# Testing the code

This notebook is used to flesh out simple programming errors when writing code. It therefore focuses on the graph building part of the graph, and not on the testable part. Note that we assume in the code that the graph is connected, i.e that there is a path between any two nodes in the graph.
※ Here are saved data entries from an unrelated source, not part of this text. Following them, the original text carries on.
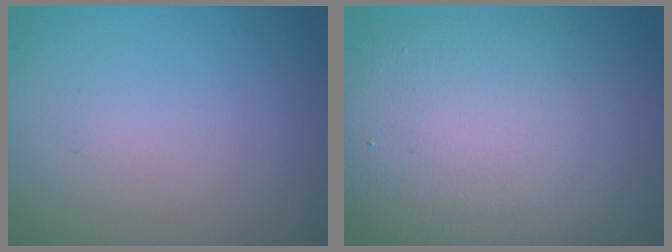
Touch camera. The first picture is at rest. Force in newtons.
{"total": 9.6, "press": 9.6, "slide": 0.5}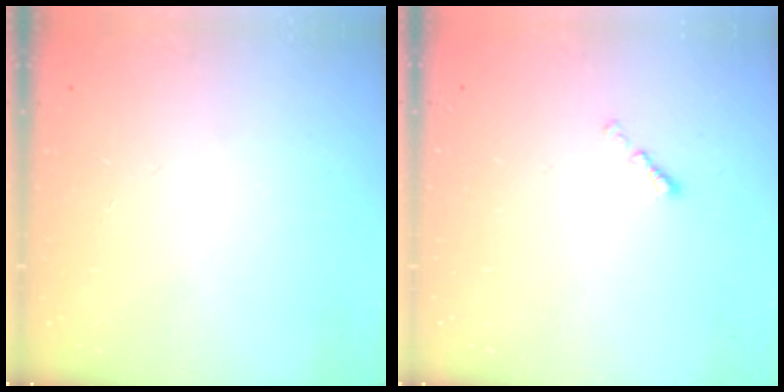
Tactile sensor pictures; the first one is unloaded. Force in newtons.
{"total": 0.0}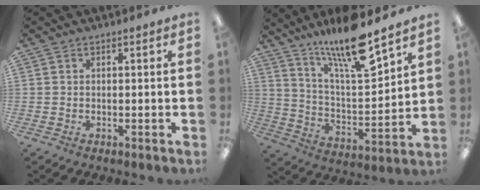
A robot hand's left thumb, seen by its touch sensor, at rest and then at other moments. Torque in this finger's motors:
{"motor_torque": [0.25, 0.23, 1.43, -1.34, 0.09]}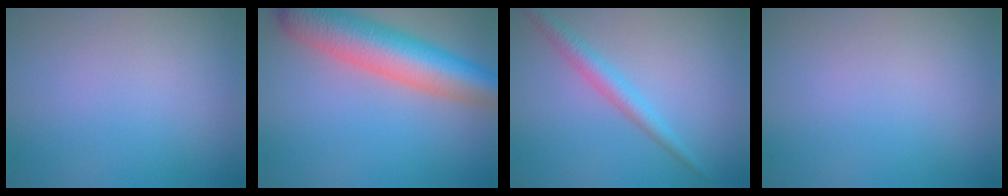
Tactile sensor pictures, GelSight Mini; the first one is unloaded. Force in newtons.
{"total": 8.5, "press": 8.5, "slide": 0.5}
{"total": 2.4, "press": 2.3, "slide": 0.2}
{"total": 0.0}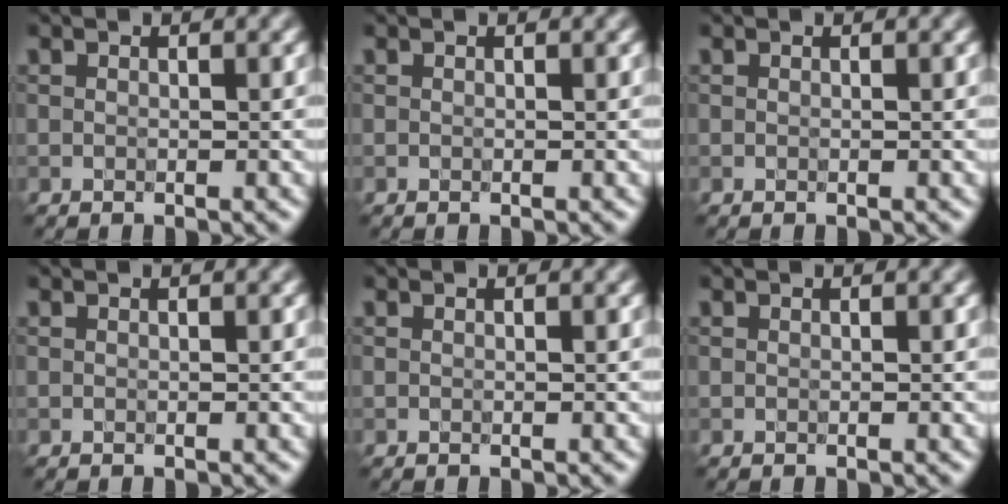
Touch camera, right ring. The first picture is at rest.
{"total": 0.0}
{"total": 0.0}
{"total": 0.0}
{"total": 0.0}
{"total": 0.0}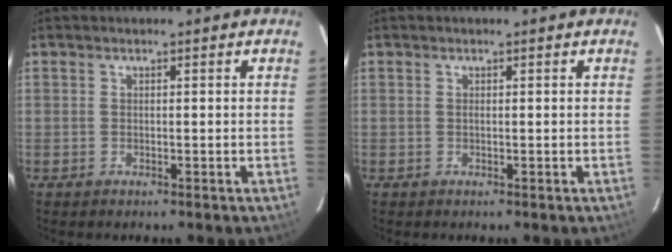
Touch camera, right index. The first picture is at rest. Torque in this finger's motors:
{"motor_torque": [0.08, 0.02, 0.06, 0.02]}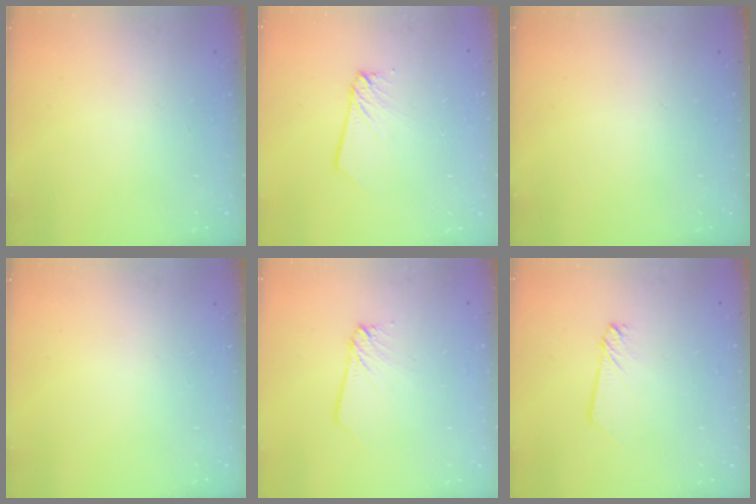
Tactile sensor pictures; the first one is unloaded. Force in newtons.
{"total": 2.5, "press": 2.5, "slide": 0.1}
{"total": 0.0}
{"total": 0.0}
{"total": 3.1, "press": 3.0, "slide": 0.3}
{"total": 2.2, "press": 2.2, "slide": 0.1}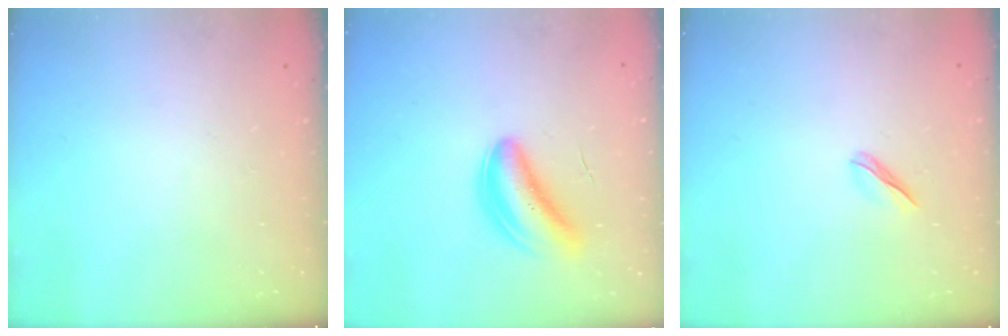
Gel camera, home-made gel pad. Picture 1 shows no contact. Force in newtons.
{"total": 5.3, "press": 4.9, "slide": 2.2}
{"total": 3.0, "press": 2.8, "slide": 1.0}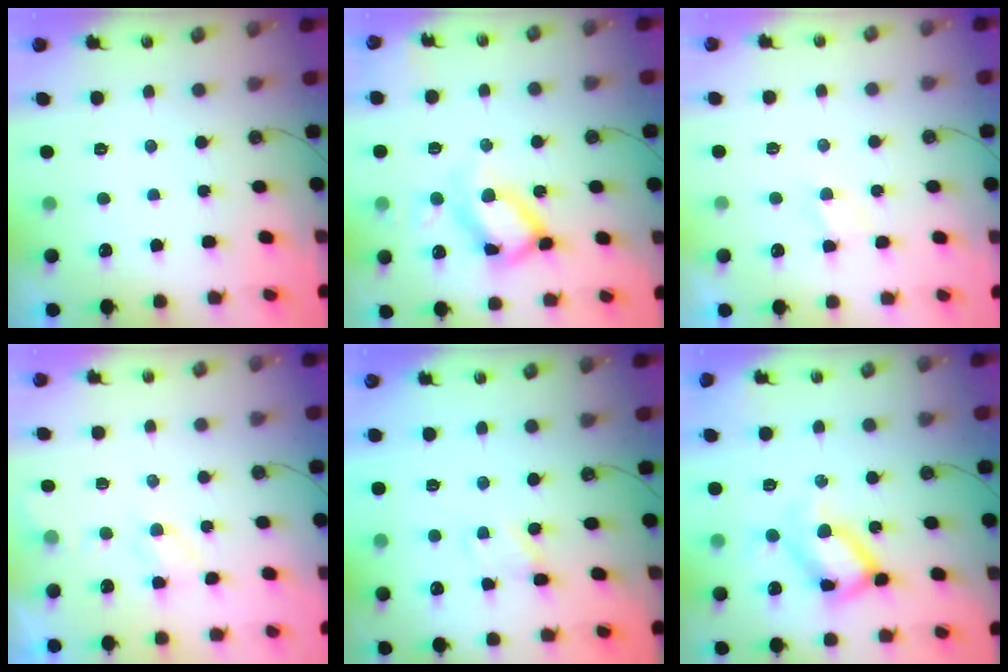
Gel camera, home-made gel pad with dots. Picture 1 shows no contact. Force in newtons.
{"total": 15.9, "press": 15.9, "slide": 1.3}
{"total": 3.0, "press": 3.0, "slide": 0.5}
{"total": 4.6, "press": 4.6, "slide": 0.6}
{"total": 1.5, "press": 1.4, "slide": 0.2}
{"total": 17.2, "press": 17.2, "slide": 0.9}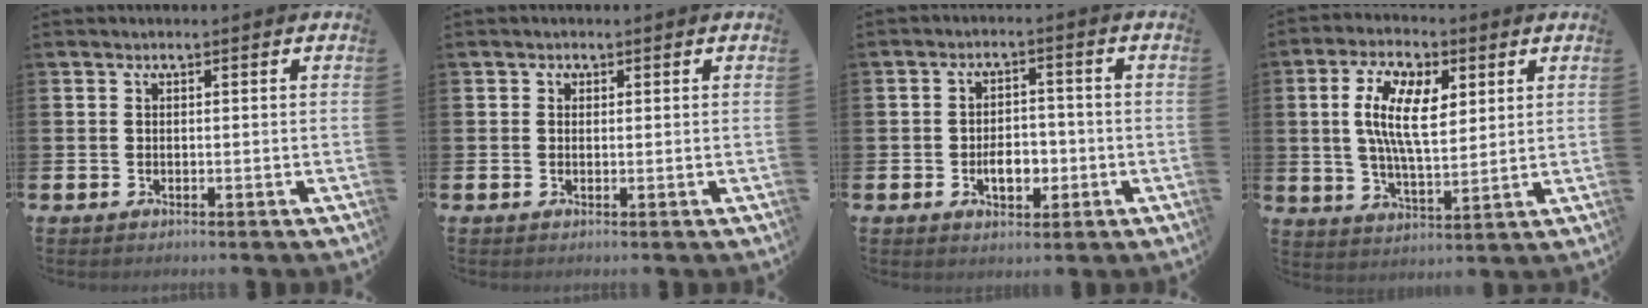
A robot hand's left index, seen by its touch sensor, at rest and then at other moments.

The case of non-connected graphs is more complex but, fortunatly, it does not concern us.


# Creating a toy dataset

In [1]:
import sys, os, random
import numpy as np
import pandas as pd
from caldera.Exploration._Subgraphs import *
from caldera.Exploration._ExploreDFS import *

In [2]:
import caldera.data._toyData as toyDataset
Pop, neighbours, pattern, Pheno, edges = toyDataset.generateToyDataset()
alpha = 10 ** -5
Lengths = np.ones(pattern.shape[0])
G = structure(Pop, neighbours, pattern, Pheno, Lengths)
n1s, n2s = G.ns()
TH = chi2.isf(alpha / 1, 1)
nNodes = G.lengths.shape[0]

## Helper functions
### Start

In [3]:
random.seed(209)
nodes = random.sample(range(nNodes), 20)
nodes = [node for node in nodes if len(G.neighbours[node]) > 0]
C = [create_Graph(node, G.Pop, G.pattern, G.neighbours, G.lengths, TH, n1s, n2s) for node in nodes]
assert(len(C) == len(nodes))
C = np.array([S for S in C if S.Env >= TH or not S.prunable], dtype = graph)
assert(C.shape[0] <= len(nodes))

### Childrens

In [4]:
for i in range(C.shape[0]):
    S = C[i]
    childrens = S.Childrens(G.Pop, G.pattern, G.neighbours, G.lengths, TH, n1s, n1s)
    for child in childrens:
        assert(child.Env >= TH)

## Exploring

(Note that adding a Lmax forces the exploration to be kind of BFS)

In [5]:
S = graph()
S.new_graph(0, G.Pop, G.pattern, G.neighbours, G.lengths, TH, n1s, n2s)
sols = solutions(.05, nNodes, Lmax = 10, kmax = 1000) 
sols.enum(S, G, True, n1s, n2s)
print("Done")

Done


## Check

In [6]:
S = graph()
S.new_graph(2, G.Pop, G.pattern, G.neighbours, G.lengths, TH, n1s, n2s)
sols = solutions(.05, nNodes, Lmax = 500, kmax = 1000) 
sols.enum(S, G, True, n1s, n2s)
print("Done")

Done


In [7]:
sols = solutions(0.05, nNodes, Lmax = 500, kmax = 100000)
candidates = start(range(nNodes), G.Pop, G.pattern, G.neighbours, G.lengths,
                   sols.TH, n1s, n2s)
for S in candidates:
    sols.enum(S, G, True, n1s, n2s)

k = 1000
k = 2000
k = 3000
k = 4000
k = 5000
k = 6000